Latest revision as of 15:48, 4 November 2014

"Consumption" of matter from a gas or from an opening of the interface between them (or from the surface of a solid body). In other words, adsorption is the "consumption" by an adsorbate from a volume of gas on the surface of the adsorbent. Adsorption is a particular case of sorption.

The molecules of the adsorbate falling on the surface of the adsorbent are retained by the surface force for a period of time, which depends on the natures of the adsorbent and adsorbate, on the temperature $T$ and on the pressure $p$, after which they leave the surface (are desorbed). Under conditions of thermodynamic and molecular equilibrium, the rates of adsorption and desorption are equal. The relation between the relative pressure $\phi=p/p_s$ of the adsorbent and the relative concentration $\theta=c/c_s$, where the index $s$ stands for the limit value at a constant temperature, is known as the adsorption isotherm.
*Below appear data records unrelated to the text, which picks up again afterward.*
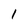
Character: I
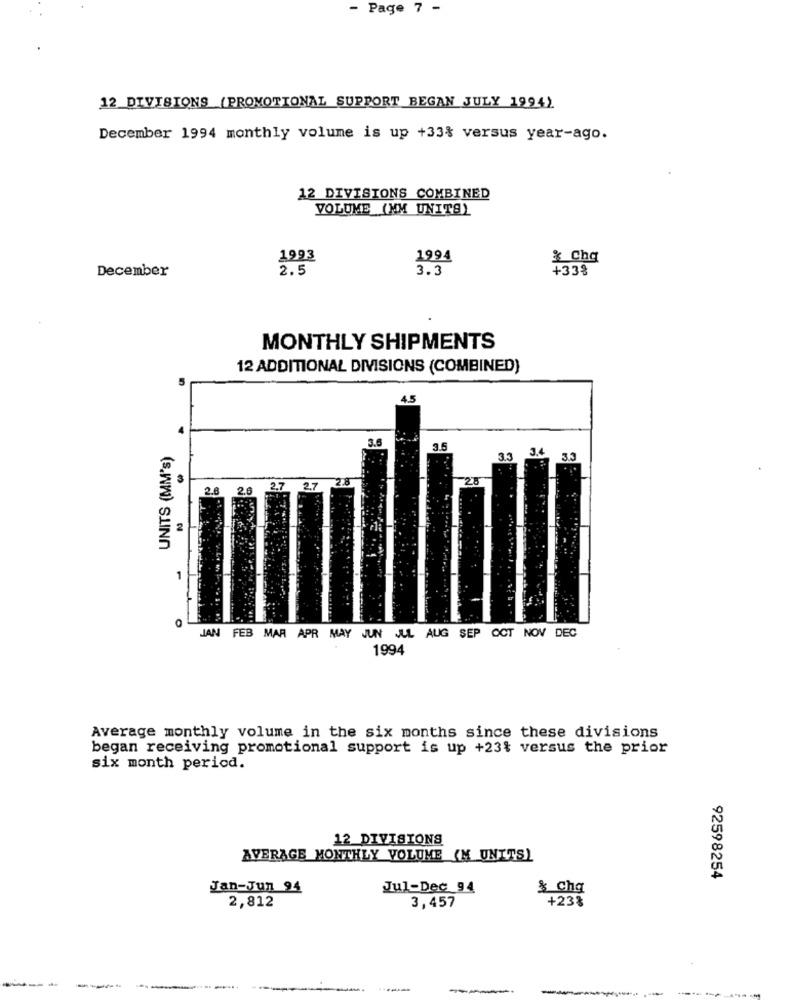
- Page 7 -
12 DIVISIONS (PROMOTIONAL SUPPORT BEGAN JULY 1994)
December 1994 monthly volume is up +33% versus year-ago.
12 DIVISIONS COMBINED
VOLUME (MM UNITS)
1993
1994
x Chq
December
2.5
3.3
+33%
MONTHLY SHIPMENTS
12 ADDITIONAL DIVISIONS (COMBINED)
4.5
3.6
UNITS (MM's)
3.4
33
33
2.6
1
JAN FEB MAR APR MAY JUN JUL AUG SEP OCT NOV DEC
1994
Average monthly volume in the six months since these divisions
began receiving promotional support is up +23% versus the prior
six month period.
12 DIVISIONS
AVERAGE MONTHLY VOLUME (M UNITS)
92598254
Jan-Jun 94
Jul-Dec 94
& chq
2,812
+23%
3,457
----
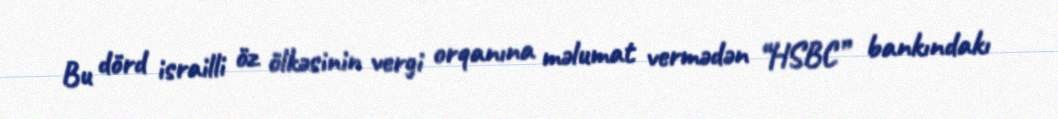
Bu dörd israilli öz ölkəsinin vergi orqanına məlumat vermədən “HSBC” bankındakı
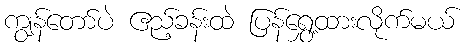
ကျွန်တော်ပဲ ဧည့်ခန်းထဲ ပြန်ရွှေ့ထားလိုက်မယ်
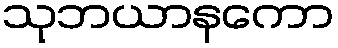
သုဘယာနကော
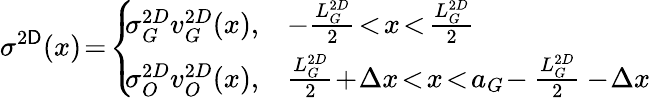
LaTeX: \sigma^{2\mathsf{D}}(x)\! =\! \left\{ \! \! \begin{array}{ll}{\sigma_{G}^{2D}v_{G}^{2D}(x),}&{-\frac{L_{G}^{2D}}{2}\! <\! x\! <\! \frac{L_{G}^{2D}}{2}}\\ {\sigma_{O}^{2D}v_{O}^{2D}(x),}&{\frac{L_{G}^{2D}}{2}\! +\! \Delta x\! <\! x\! <\! a_{G}\! -\frac{L_{G}^{2D}}{2}-\! \Delta x}\end{array}\right.
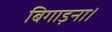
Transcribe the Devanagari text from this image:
बिगाड़ना।
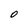
Character: 0
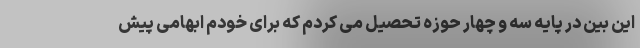
این بین در پایه سه و چهار حوزه تحصیل می کردم که برای خودم ابهامی پیش
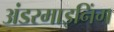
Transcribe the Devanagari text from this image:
अंडरमाइनिंग
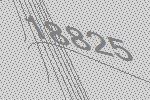
18825
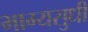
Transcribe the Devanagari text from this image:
भाग्यसुधी
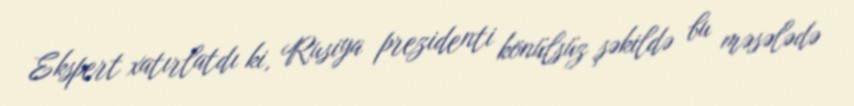
Ekspert xatırlatdı ki, Rusiya prezidenti könülsüz şəkildə bu məsələdə
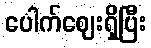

Langmuir's equation of mono-molecular adsorption has the form

$$\phi=\frac{\theta}{k(1-\theta)},$$

where $k$ is the equilibrium constant which roughly describes the interaction between the adsorbent and the adsorbate.

Brunauer's equation [1] is commonly used in the case of a homogeneous surface of the adsorbent and poly-molecular adsorption.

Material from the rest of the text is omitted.